I have a structured array with mixed types:
dt = np.dtype([('x', np.float64), ('y', np.float64), ('n', np.uint32)])
arr = np.empty(10, dtype=dt)
As of numpy 1.16 or so, if I view x
and y
, I get a view:
>>> sub = arr[['x', 'y']]
>>> sub
array([(6.23042070e-307, 4.67296746e-307),
(1.15710088e-306, 1.60221615e-306),
(1.95821574e-306, 6.23062102e-307),
(1.78019082e-306, 1.37959740e-306),
(1.37959129e-306, 1.33511562e-306),
(1.33511018e-306, 1.33511969e-306),
(1.11261027e-306, 1.11261502e-306),
(8.45593934e-307, 9.34600963e-307),
(6.23038336e-307, 1.29061142e-306),
(2.22522596e-306, 2.22522596e-306)],
dtype={'names':['x','y'], 'formats':['<f8','<f8'], 'offsets':[0,8], 'itemsize':20})

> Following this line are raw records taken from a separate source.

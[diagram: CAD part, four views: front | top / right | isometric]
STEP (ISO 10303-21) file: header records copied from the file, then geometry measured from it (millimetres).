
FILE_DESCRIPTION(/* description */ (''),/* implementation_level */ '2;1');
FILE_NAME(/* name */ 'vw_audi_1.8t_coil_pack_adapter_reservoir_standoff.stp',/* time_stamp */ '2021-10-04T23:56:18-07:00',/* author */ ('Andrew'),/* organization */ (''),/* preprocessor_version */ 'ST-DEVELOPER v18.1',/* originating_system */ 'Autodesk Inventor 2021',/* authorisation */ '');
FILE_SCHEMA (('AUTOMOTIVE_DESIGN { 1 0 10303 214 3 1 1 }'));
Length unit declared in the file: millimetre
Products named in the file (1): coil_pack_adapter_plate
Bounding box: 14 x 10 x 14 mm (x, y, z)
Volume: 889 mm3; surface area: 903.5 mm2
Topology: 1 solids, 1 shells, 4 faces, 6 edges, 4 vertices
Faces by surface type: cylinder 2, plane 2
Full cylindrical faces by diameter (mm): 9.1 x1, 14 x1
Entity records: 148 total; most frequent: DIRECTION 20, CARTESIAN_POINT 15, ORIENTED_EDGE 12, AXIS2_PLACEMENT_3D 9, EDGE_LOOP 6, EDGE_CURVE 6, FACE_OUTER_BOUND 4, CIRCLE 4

This is a problem because I would like to be able to convert the subset sub
into a (10, 2)
view of the x
and y
fields.
I can not just use sub.view(dtype=np.float64)
. That raises the error
ValueError: When changing to a smaller dtype, its size must be a divisor of the size of original dtype
I can use np.lib.stride_tricks.as_strided
, but that is hacky and problematic because it only works when I want two fields (or alternatively any number of evenly-spaced fields):
>>> shape = sub.shape + (2,)
>>> strides = (sub.dtype.itemsize,
np.diff([x[1] for x in sub.dtype.fields.values()]).item())
>>> np.lib.stride_tricks.as_strided(sub, shape=shape, strides=strides)['x']

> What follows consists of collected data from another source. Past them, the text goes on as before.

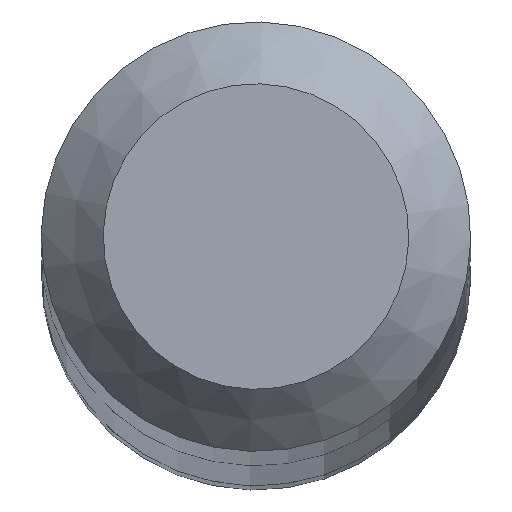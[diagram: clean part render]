
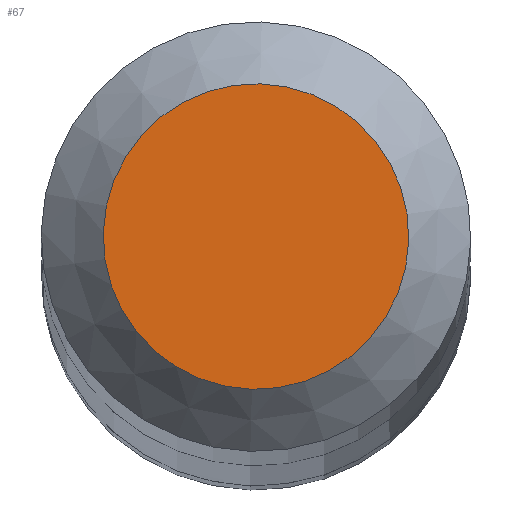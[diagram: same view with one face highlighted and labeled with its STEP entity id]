
A CAD part, top view. The second image highlights one B-rep face of the part: STEP entity #67.
In plain terms, the highlighted planar face has unit normal (0, 0, 1).
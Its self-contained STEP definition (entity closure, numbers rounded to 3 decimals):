
#67=ADVANCED_FACE('',(#74),#71,.F.);
#71=PLANE('',#174);
#74=FACE_OUTER_BOUND('',#88,.T.);
#88=EDGE_LOOP('',(#102));
#102=ORIENTED_EDGE('',*,*,#118,.T.);
#111=VERTEX_POINT('',#248);
#118=EDGE_CURVE('',#111,#111,#125,.T.);
#125=CIRCLE('',#172,0.445);
#172=AXIS2_PLACEMENT_3D('',#247,#208,#209);
#174=AXIS2_PLACEMENT_3D('',#250,#212,#213);
#208=DIRECTION('',(0.,0.,1.));
#209=DIRECTION('',(-0.027,-1.,0.));
#212=DIRECTION('',(0.,0.,-1.));
#213=DIRECTION('',(0.027,1.,0.));
#247=CARTESIAN_POINT('',(0.,0.,0.));
#248=CARTESIAN_POINT('',(-0.012,-0.444,0.));
#250=CARTESIAN_POINT('',(0.444,-0.012,0.));

array([[6.23042070e-307, 4.67296746e-307],
[1.15710088e-306, 1.60221615e-306],
[1.95821574e-306, 6.23062102e-307],
[1.78019082e-306, 1.37959740e-306],
[1.37959129e-306, 1.33511562e-306],
[1.33511018e-306, 1.33511969e-306],
[1.11261027e-306, 1.11261502e-306],
[8.45593934e-307, 9.34600963e-307],
[6.23038336e-307, 1.29061142e-306],
[2.22522596e-306, 2.22522596e-306]])
If sub
were a copy, then I could simply view it as a (10, 2)
array of floats. How can I view the selected fields as such an array, either by copying the selection or any other means?